There may be days when we think, what sets me apart? What makes me so special that I get to reach for this lofty goal of freedom and fulfillment? In the face of family, spouses, lovers, friends, all of whom may be telling us—with the best of intentions of course—to give up the dream and buckle down, it can be easy to eventually internalize this energy and believe it is what’s right. The truth of the matter is that, despite these people being some of our closest confidantes and advisors, no one knows you like you do. It is only us who truly know our own needs. No matter how intimately connected we may be with another person, only we live inside our own minds.

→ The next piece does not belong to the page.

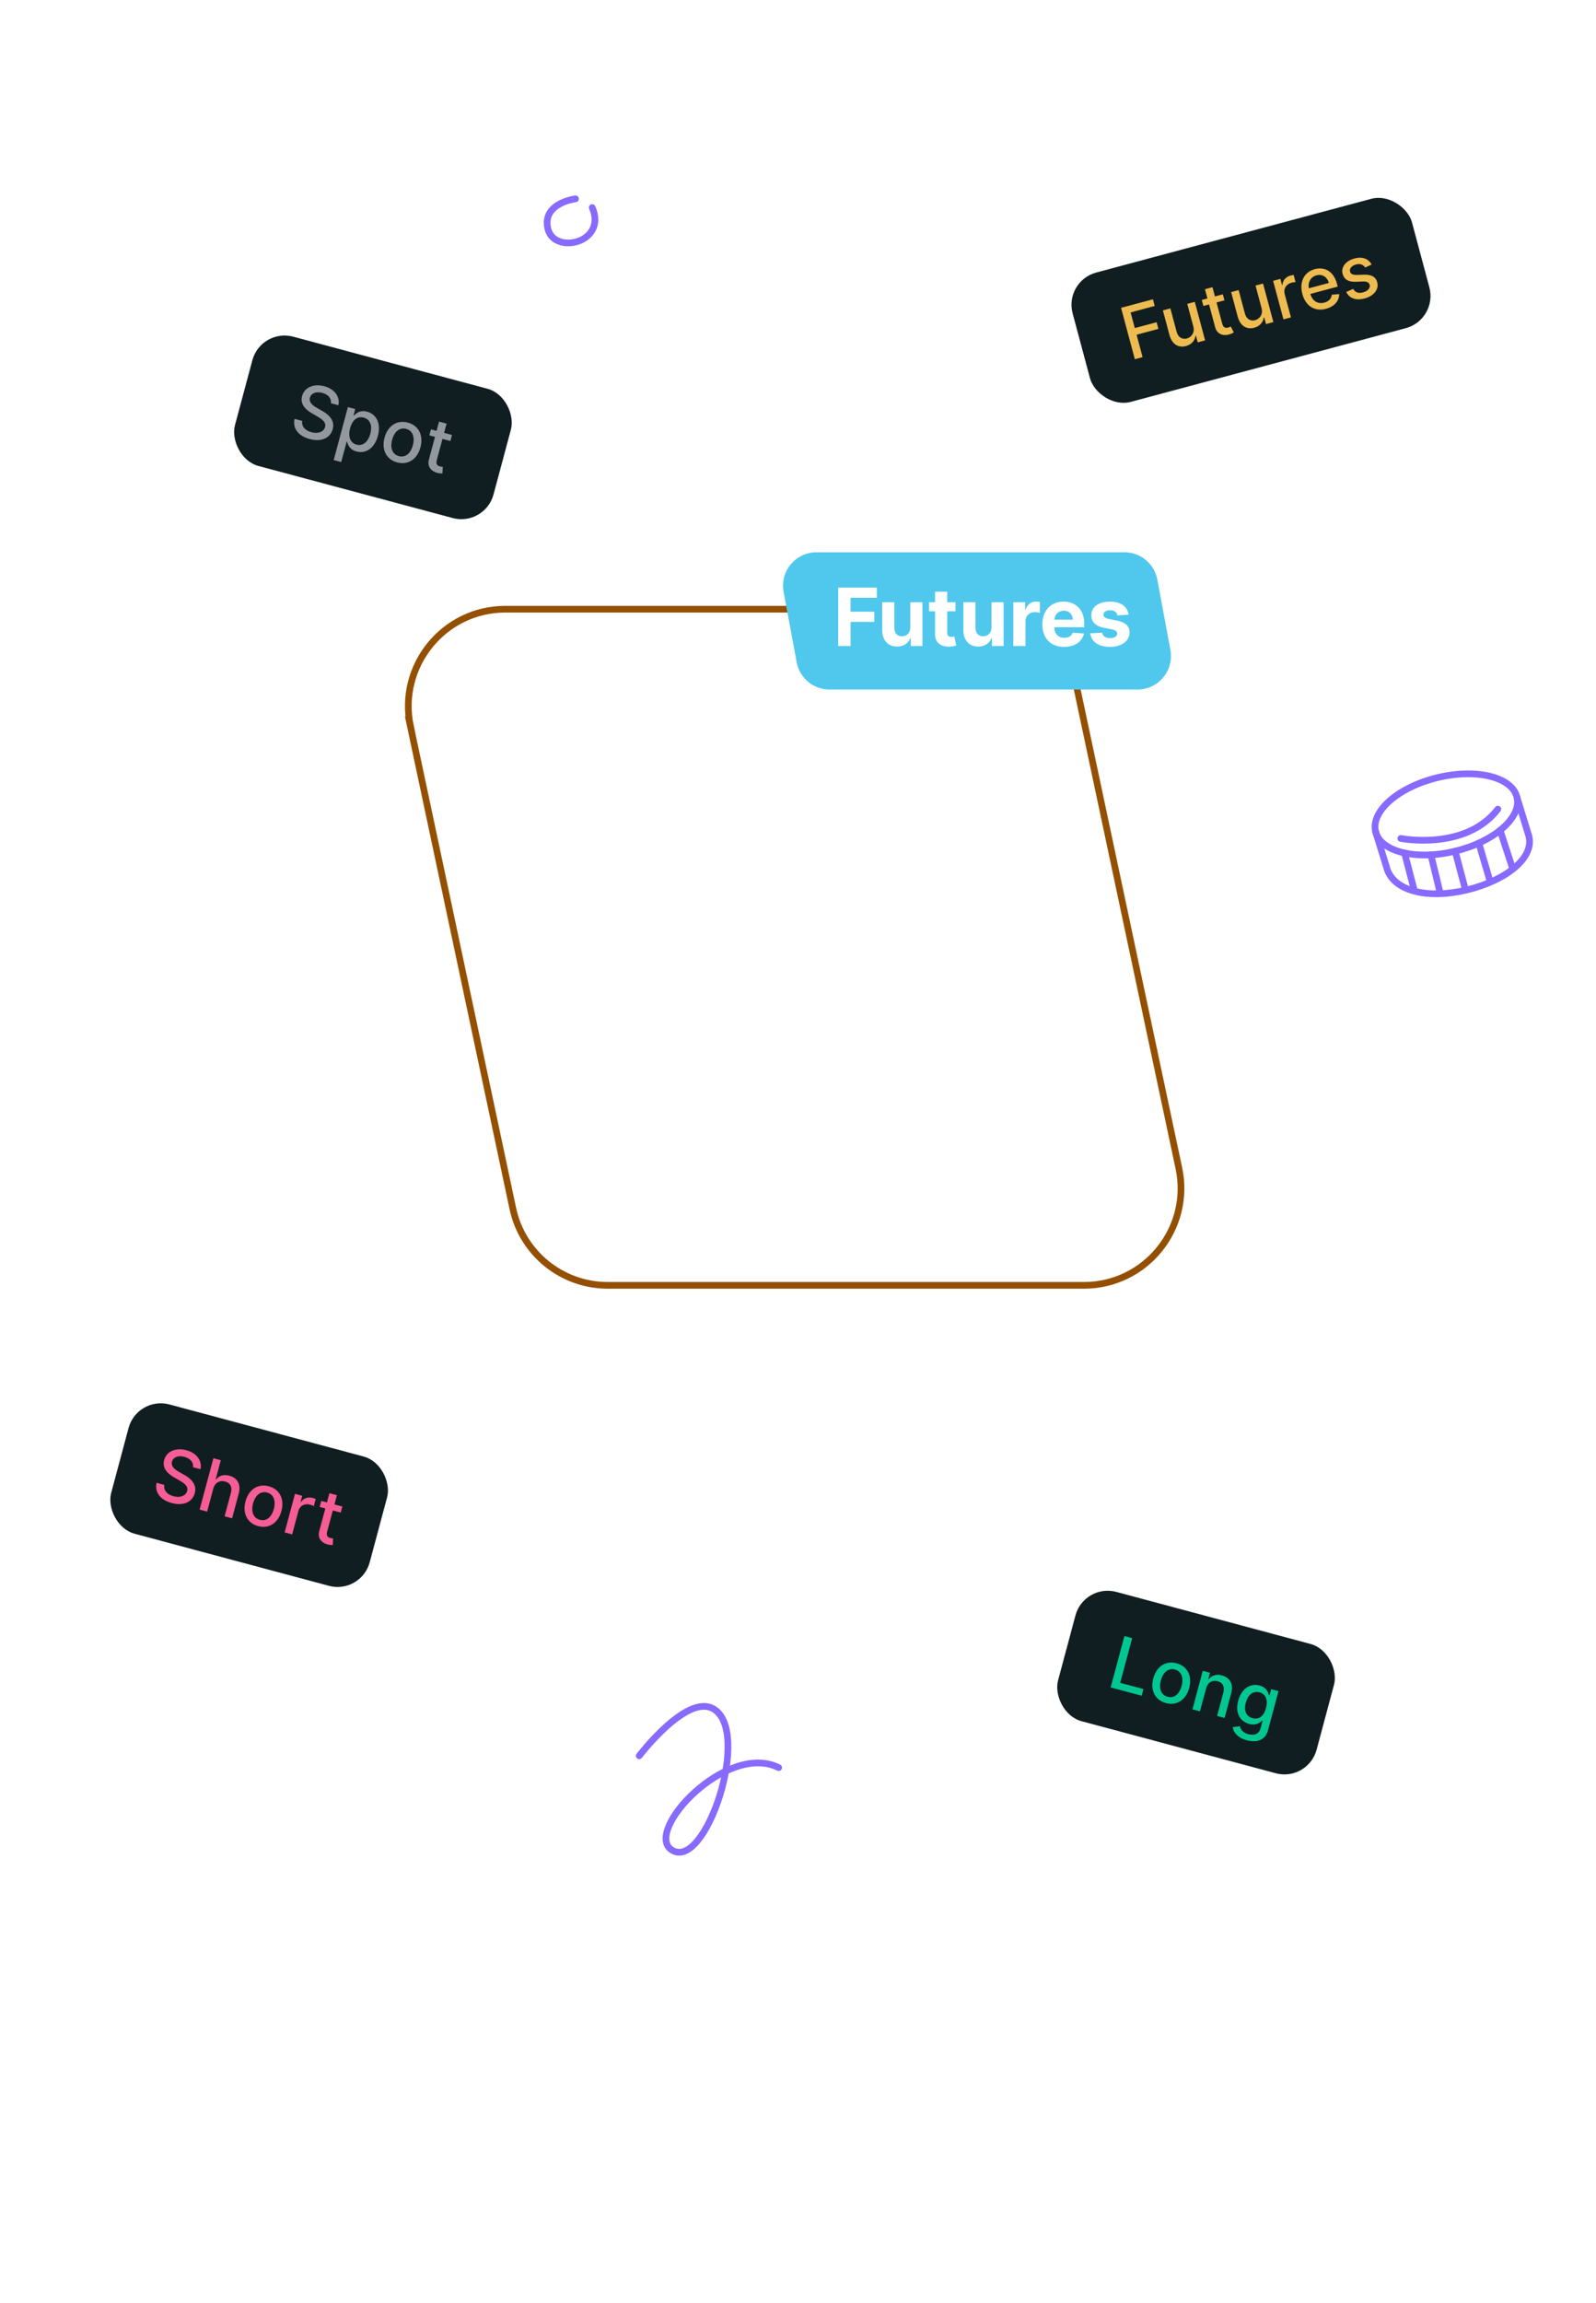 <svg width="477" height="688" fill="none" xmlns="http://www.w3.org/2000/svg"><rect x="318" y="84" width="105" height="40" rx="9.96" transform="rotate(-15 318 84)" fill="#111e21"/><path d="m339.17 107.315 2.316-.62-1.793-6.692 6.519-1.747-.532-1.986-6.519 1.747-1.253-4.676 7.201-1.93-.534-1.993-9.517 2.55 4.112 15.347Zm17.476-9.799c.532 1.954-.673 3.273-1.932 3.61-1.386.372-2.614-.375-3.034-1.942l-1.89-7.051-2.24.6 1.961 7.321c.766 2.856 2.729 3.92 4.94 3.327 1.731-.463 2.663-1.693 2.865-3.064l.12-.033.534 1.994 2.204-.591-3.085-11.51-2.248.602 1.805 6.737Zm8.827-9.586-2.361.633-.738-2.758-2.241.6.739 2.758-1.686.452.482 1.799 1.686-.452 1.821 6.797c.553 2.093 2.42 2.677 4.178 2.165.71-.198 1.154-.462 1.39-.63l-.901-1.742c-.141.07-.401.212-.76.309-.727.194-1.443.13-1.791-1.167l-1.697-6.332 2.361-.633-.482-1.799Zm11.575 4.12c.532 1.953-.673 3.272-1.932 3.61-1.386.371-2.615-.376-3.034-1.942l-1.89-7.052-2.24.6 1.961 7.322c.765 2.855 2.729 3.92 4.94 3.327 1.731-.464 2.663-1.694 2.865-3.065l.12-.032.534 1.993 2.203-.59-3.084-11.51-2.248.602 1.805 6.736Zm6.538 3.364 2.241-.6-1.884-7.03c-.403-1.506.467-2.904 2.056-3.33.464-.124 1.011-.182 1.205-.178l-.574-2.143c-.233.03-.681.126-.966.203-1.349.361-2.298 1.435-2.387 2.784l-.119.032-.49-1.829-2.166.58 3.084 11.511Zm12.71-3.157c2.51-.672 3.955-2.385 3.963-4.395l-2.223.186c-.114 1.195-.939 2.011-2.213 2.352-1.919.514-3.541-.384-4.195-2.586l8.183-2.193-.213-.794c-1.114-4.16-4.038-5.119-6.646-4.42-3.207.86-4.666 3.868-3.718 7.406.958 3.574 3.667 5.354 7.062 4.444Zm-5.111-6.124c-.348-1.658.457-3.391 2.278-3.88 1.739-.465 3.223.519 3.702 2.278l-5.98 1.602Zm18.767-7.109c-.944-1.666-2.659-2.46-5.147-1.793-2.6.697-4.076 2.562-3.53 4.6.438 1.634 1.718 2.455 4.005 2.357l2.063-.095c1.175-.05 1.825.306 2.018 1.025.238.892-.526 1.844-1.995 2.238-1.342.359-2.358.013-2.931-1.046l-2.077.91c.92 1.938 2.921 2.63 5.507 1.938 2.78-.745 4.31-2.738 3.752-4.821-.436-1.626-1.739-2.353-3.983-2.274l-1.941.07c-1.346.04-2.008-.24-2.209-1.022-.245-.882.546-1.769 1.82-2.11 1.394-.374 2.245.225 2.714.927l1.934-.904Z" fill="#EEBB50"/><rect x="78.001" y="98.003" width="80" height="40" rx="9.96" transform="rotate(15 78 98.003)" fill="#111e21"/><path d="m98.893 120.461 2.234.598c.591-2.476-1.105-4.842-4.222-5.677-3.08-.825-5.912.303-6.621 2.949-.573 2.135.62 3.796 2.908 5.124l1.68.98c1.525.875 2.647 1.754 2.282 3.118-.402 1.498-2.098 2.104-4.07 1.576-1.783-.478-3.053-1.67-2.74-3.377l-2.324-.623c-.595 2.821 1.096 5.113 4.536 6.035 3.604.966 6.188-.374 6.885-2.974.741-2.766-1.438-4.498-3.257-5.5l-1.395-.791c-1.117-.628-2.562-1.618-2.161-3.085.35-1.304 1.8-1.951 3.688-1.445 1.761.472 2.792 1.631 2.577 3.092Zm.842 16.98 2.241.6 1.636-6.107.135.036c.208.843.689 2.345 2.787 2.907 2.788.747 5.41-.944 6.408-4.668.999-3.732-.466-6.478-3.246-7.223-2.135-.572-3.257.525-3.845 1.13l-.187-.05.5-1.866-2.188-.586-4.241 15.827Zm4.894-9.484c.645-2.405 2.122-3.72 4.078-3.196 2.03.544 2.59 2.533 1.977 4.819-.618 2.308-2.139 3.788-4.14 3.252-1.926-.516-2.563-2.454-1.915-4.875Zm14.073 10.189c3.245.869 6.002-.938 6.956-4.498.96-3.582-.524-6.526-3.769-7.395-3.245-.87-6.002.938-6.962 4.52-.954 3.559.53 6.503 3.775 7.373Zm.512-1.879c-2.121-.569-2.614-2.685-2.022-4.895.59-2.203 2.081-3.812 4.202-3.244 2.106.565 2.593 2.703 2.003 4.906-.593 2.211-2.078 3.797-4.183 3.233Zm15.874-6.317-2.36-.632.739-2.758-2.241-.6-.739 2.757-1.686-.451-.482 1.798 1.686.452-1.821 6.797c-.568 2.089.757 3.528 2.536 3.964.714.184 1.23.177 1.518.15l.091-1.959c-.158-.01-.453-.017-.813-.114-.727-.194-1.314-.609-.967-1.905l1.697-6.333 2.36.633.482-1.799Z" fill="#93989f"/><g filter="url(#a)"><path d="M107.735 269.259C103.752 250.591 117.987 233 137.074 233h115.107c14.156 0 26.386 9.896 29.34 23.741l24.744 116C310.248 391.409 296.013 409 276.926 409H161.819c-14.156 0-26.386-9.896-29.34-23.741l-24.744-116Z" fill="#FF9E2D"/></g><path d="M122.675 217.026C118.843 198.987 132.6 182 151.042 182H293.37c13.694 0 25.522 9.579 28.367 22.974l30.588 144C356.157 367.013 342.4 384 323.958 384H181.63c-13.694 0-25.522-9.579-28.367-22.974l-30.588-144Z" stroke="#945000" stroke-width="2"/><path d="M234.198 176.827c-1.143-6.15 3.577-11.827 9.832-11.827h92.038c4.818 0 8.951 3.436 9.832 8.173l3.902 21c1.143 6.15-3.577 11.827-9.832 11.827h-92.038a10.001 10.001 0 0 1-9.832-8.173l-3.902-21Z" fill="#50C8EE"/><path d="M250.517 193h3.69v-7.21h7.1v-3.043h-7.1v-4.159h7.867v-3.043h-11.557V193Zm21.545-5.574c.009 1.756-1.193 2.676-2.497 2.676-1.372 0-2.258-.963-2.267-2.505v-7.688h-3.63v8.335c.008 3.06 1.798 4.926 4.431 4.926 1.969 0 3.384-1.014 3.972-2.548h.136V193h3.486v-13.091h-3.631v7.517Zm13.498-7.517h-2.463v-3.136h-3.63v3.136h-1.79v2.727h1.79v6.819c-.017 2.565 1.73 3.835 4.363 3.724a7.065 7.065 0 0 0 1.969-.341l-.571-2.702c-.179.034-.563.12-.903.12-.725 0-1.228-.273-1.228-1.279v-6.341h2.463v-2.727Zm10.76 7.517c.009 1.756-1.193 2.676-2.497 2.676-1.372 0-2.258-.963-2.267-2.505v-7.688h-3.631v8.335c.009 3.06 1.799 4.926 4.432 4.926 1.969 0 3.384-1.014 3.972-2.548h.136V193h3.486v-13.091h-3.631v7.517Zm6.535 5.574h3.631v-7.406c0-1.611 1.176-2.719 2.778-2.719.503 0 1.193.085 1.534.196v-3.222a5.494 5.494 0 0 0-1.142-.127c-1.466 0-2.667.852-3.145 2.471h-.136v-2.284h-3.52V193Zm15.177.256c3.239 0 5.42-1.577 5.932-4.006l-3.358-.222c-.367.998-1.304 1.517-2.514 1.517-1.816 0-2.966-1.201-2.966-3.153v-.008h8.914v-.998c0-4.448-2.693-6.647-6.153-6.647-3.852 0-6.349 2.735-6.349 6.775 0 4.151 2.463 6.742 6.494 6.742Zm-2.906-8.122c.076-1.492 1.21-2.685 2.821-2.685 1.576 0 2.667 1.125 2.676 2.685h-5.497Zm22.176-1.492c-.324-2.412-2.267-3.903-5.574-3.903-3.349 0-5.557 1.551-5.548 4.073-.009 1.961 1.227 3.231 3.784 3.742l2.267.452c1.142.23 1.662.647 1.679 1.304-.017.775-.861 1.329-2.131 1.329-1.295 0-2.156-.554-2.378-1.619l-3.571.187c.341 2.506 2.472 4.049 5.941 4.049 3.392 0 5.821-1.73 5.829-4.313-.008-1.892-1.244-3.025-3.784-3.545l-2.369-.478c-1.219-.264-1.671-.681-1.662-1.312-.009-.784.878-1.296 2.003-1.296 1.261 0 2.011.691 2.19 1.535l3.324-.205Z" fill="#fff"/><mask id="b" style="mask-type:alpha" maskUnits="userSpaceOnUse" x="107" y="233" width="200" height="176"><path d="M107.735 269.259C103.752 250.591 117.987 233 137.074 233h115.107c14.156 0 26.386 9.896 29.34 23.741l24.744 116C310.248 391.409 296.013 409 276.926 409H161.819c-14.156 0-26.386-9.896-29.34-23.741l-24.744-116Z" fill="#FF9E2D"/></mask><g mask="url(#b)"><ellipse rx="8" ry="8.5" transform="rotate(41.404 -340.877 397.031) skewX(.056)" fill="#fff"/><ellipse rx="8" ry="8.5" transform="rotate(41.404 -303.877 494.94) skewX(.056)" fill="#fff"/><path d="M172 340h91" stroke="#fff" stroke-width="11" stroke-linecap="round"/><ellipse rx="8" ry="8.5" transform="rotate(41.404 -276.446 475.501) skewX(.056)" fill="#fff"/><ellipse rx="8" ry="8.5" transform="rotate(41.404 -249.515 454.74) skewX(.056)" fill="#fff"/><path d="m219 344 12.99 16.5h-25.98L219 344Z" fill="#fff"/></g><rect x="324" y="473.003" width="80" height="40" rx="9.96" transform="rotate(15 324 473.003)" fill="#111e21"/><path d="m331.945 504.119 9.27 2.484.534-1.993-6.954-1.863 3.578-13.354-2.316-.621-4.112 15.347Zm16.518 4.675c3.245.87 6.002-.937 6.956-4.497.96-3.582-.525-6.526-3.769-7.395-3.245-.87-6.002.938-6.962 4.52-.954 3.559.53 6.503 3.775 7.372Zm.511-1.879c-2.12-.568-2.613-2.684-2.021-4.895.59-2.203 2.081-3.811 4.202-3.243 2.106.564 2.593 2.703 2.003 4.906-.593 2.211-2.078 3.797-4.184 3.232Zm11.49-2.479c.492-1.836 1.897-2.584 3.456-2.166 1.521.407 2.176 1.651 1.728 3.322l-1.89 7.052 2.241.6 1.962-7.321c.763-2.848-.404-4.759-2.757-5.389-1.731-.464-3.077.034-3.937 1.113l-.142-.038.502-1.873-2.151-.577-3.084 11.511 2.241.6 1.831-6.834Zm12.145 15.463c2.93.785 5.553.05 6.346-2.91l3.152-11.766-2.195-.588-.5 1.866-.165-.044c-.207-.818-.651-2.335-2.795-2.909-2.78-.745-5.414.902-6.396 4.567-.984 3.672.583 6.188 3.303 6.917 2.113.566 3.249-.407 3.851-1.033l.142.038-.606 2.263c-.484 1.806-1.929 2.255-3.63 1.799-1.866-.5-2.342-1.632-2.563-2.398l-2.139.279c.23 1.571 1.445 3.182 4.195 3.919Zm1.743-6.593c-2.001-.537-2.631-2.352-2.025-4.615.593-2.211 2.072-3.654 4.095-3.112 1.956.525 2.577 2.402 1.953 4.732-.637 2.376-2.09 3.513-4.023 2.995Z" fill="#00C792"/><rect x="41.001" y="417.003" width="80" height="40" rx="9.96" transform="rotate(15 41 417.003)" fill="#111e21"/><path d="m57.669 438.329 2.233.598c.591-2.476-1.104-4.842-4.222-5.677-3.08-.825-5.912.303-6.62 2.949-.573 2.135.62 3.796 2.907 5.124l1.681.981c1.525.874 2.647 1.753 2.281 3.117-.401 1.498-2.098 2.104-4.069 1.576-1.783-.478-3.054-1.67-2.741-3.377l-2.323-.623c-.595 2.821 1.096 5.113 4.535 6.035 3.605.966 6.188-.374 6.885-2.974.741-2.766-1.437-4.498-3.257-5.5l-1.394-.791c-1.117-.628-2.563-1.618-2.162-3.085.35-1.304 1.8-1.951 3.689-1.445 1.76.472 2.791 1.631 2.577 3.092Zm6.07 6.429c.492-1.836 1.935-2.574 3.53-2.146 1.544.414 2.203 1.642 1.751 3.329l-1.89 7.051 2.241.601 1.962-7.322c.77-2.87-.41-4.76-2.779-5.395-1.79-.48-3.079.01-3.952 1.11l-.142-.038 1.53-5.711-2.21-.592-4.113 15.347 2.24.601 1.832-6.835Zm13.409 11.167c3.245.87 6.002-.938 6.956-4.497.96-3.582-.525-6.526-3.77-7.395-3.245-.87-6.002.937-6.962 4.519-.953 3.56.53 6.504 3.776 7.373Zm.511-1.879c-2.12-.568-2.614-2.684-2.021-4.895.59-2.203 2.081-3.811 4.202-3.243 2.106.564 2.593 2.703 2.002 4.906-.592 2.211-2.077 3.797-4.183 3.232Zm7.418 3.755 2.24.6 1.884-7.029c.403-1.506 1.856-2.282 3.445-1.856a5.55 5.55 0 0 1 1.133.448l.574-2.143a9.403 9.403 0 0 0-.938-.307c-1.349-.362-2.708.093-3.459 1.217l-.12-.032.49-1.828-2.165-.581-3.084 11.511Zm17.236-7.719-2.36-.632.738-2.758-2.24-.6-.74 2.757-1.685-.451-.482 1.798 1.686.452-1.821 6.797c-.568 2.089.757 3.528 2.535 3.964.715.184 1.23.177 1.519.15l.09-1.959c-.157-.01-.452-.017-.812-.114-.727-.194-1.315-.609-.967-1.905l1.696-6.333 2.361.633.482-1.799Z" fill="#F55D94"/><path d="M191.05 524.55S205 506.23 213 510.4c12 6.26-2.27 49.3-12.37 42.18-8.14-5.74 16.64-32.22 32.09-24.5" stroke-width="2" stroke-miterlimit="10" stroke-linecap="round" stroke="#886aff"/><path d="M434.915 254.286c11.667-2.833 19.932-10.046 18.459-16.111-1.473-6.064-12.125-8.684-23.792-5.85-11.668 2.833-19.933 10.046-18.46 16.111 1.473 6.064 12.125 8.684 23.793 5.85Z" stroke-width="2" stroke-linecap="round" stroke-linejoin="round" stroke="#886aff"/><path d="m411.12 248.44 3.57 11.56c2.4 6.26 12.12 8.68 23.79 5.85s20.14-9.56 18.45-16.1l-3.56-11.57M419.78 254.83l2.97 11.4M427.65 255.37l2.8 11.57M434.91 254.29l3.09 11.64M441.98 251.87l3.41 11.61M448.34 248.05l3.73 11.4" stroke-width="2" stroke-linecap="round" stroke-linejoin="round" stroke="#886aff"/><path d="M418.66 250.49s19.34 3.8 29-8.75" stroke-width="2" stroke-linecap="round" stroke-linejoin="round" stroke="#886aff"/><path d="M172 59.4s-10.13 1.24-8.24 9c1.89 7.76 17.78 4.19 13.24-6.4" stroke-width="2" stroke-miterlimit="10" stroke-linecap="round" stroke="#886aff"/><defs><filter id="a" x="27.063" y="233" width="359.874" height="455" filterUnits="userSpaceOnUse" color-interpolation-filters="sRGB"><feFlood flood-opacity="0" result="BackgroundImageFix"/><feColorMatrix in="SourceAlpha" values="0 0 0 0 0 0 0 0 0 0 0 0 0 0 0 0 0 0 127 0" result="hardAlpha"/><feOffset dy="132.505"/><feGaussianBlur stdDeviation="5.406"/><feColorMatrix values="0 0 0 0 0.749 0 0 0 0 0.4 0 0 0 0 0.078 0 0 0 0.038 0"/><feBlend in2="BackgroundImageFix" result="effect1_dropShadow_5002_29355"/><feColorMatrix in="SourceAlpha" values="0 0 0 0 0 0 0 0 0 0 0 0 0 0 0 0 0 0 127 0" result="hardAlpha"/><feOffset dy="160.106"/><feGaussianBlur stdDeviation="14.75"/><feColorMatrix values="0 0 0 0 0.749 0 0 0 0 0.4 0 0 0 0 0.078 0 0 0 0.051 0"/><feBlend in2="effect1_dropShadow_5002_29355" result="effect2_dropShadow_5002_29355"/><feColorMatrix in="SourceAlpha" values="0 0 0 0 0 0 0 0 0 0 0 0 0 0 0 0 0 0 127 0" result="hardAlpha"/><feOffset dy="182.654"/><feGaussianBlur stdDeviation="26.719"/><feColorMatrix values="0 0 0 0 0.749 0 0 0 0 0.4 0 0 0 0 0.078 0 0 0 0.057 0"/><feBlend in2="effect2_dropShadow_5002_29355" result="effect3_dropShadow_5002_29355"/><feColorMatrix in="SourceAlpha" values="0 0 0 0 0 0 0 0 0 0 0 0 0 0 0 0 0 0 127 0" result="hardAlpha"/><feOffset dy="199"/><feGaussianBlur stdDeviation="40"/><feColorMatrix values="0 0 0 0 0.749 0 0 0 0 0.4 0 0 0 0 0.078 0 0 0 0.08 0"/><feBlend in2="effect3_dropShadow_5002_29355" result="effect4_dropShadow_5002_29355"/><feBlend in="SourceGraphic" in2="effect4_dropShadow_5002_29355" result="shape"/></filter></defs></svg>

It is an unfortunate truth that the desire to fulfill a goal such as this can present very real challenges to relationships. The people we partner with in life may have dreams that are very far removed from our own and may begin to see the need to pursue art as an obstacle to forward momentum. They may see tenacity as stubbornness and may interpret an unwillingness to come to terms with that they deem reality. It is important for those in creative fields to be up front about their goals from the very outset of any relationship. Since the goal is freedom and fulfillment, what partner or friend in a relationship would really want to deny that intent in the other, even if they didn’t understad it? While there is absolutely nothing wrong with choosing this life, it may not be for everyone and it is only right that those who may become entangled in our lives understand where our priorities lie.

When confronted by those who love us and think they know best, it can be difficult to know how to respond. Initial reactions to this sort of unsolicited advice may be rooted in anger and frustration that those closest to us are not showing confidence in our ability to succeed. Take a moment and breathe. Do not meet such interactions with hostility. Try to remember that the people who love us want nothing but the best for us. They are our allies even though they may not always understand how to support us.

It is important to help these people help us. Do not mince words, be direct about your needs and goals. Ask whether your spouse, your lover, your best friend would rather see you resentfully trudging a claustrophobic path that offers no fulfillment, or engaged in the practice of following your calling with the assurance that it is possible to make a career as an artist.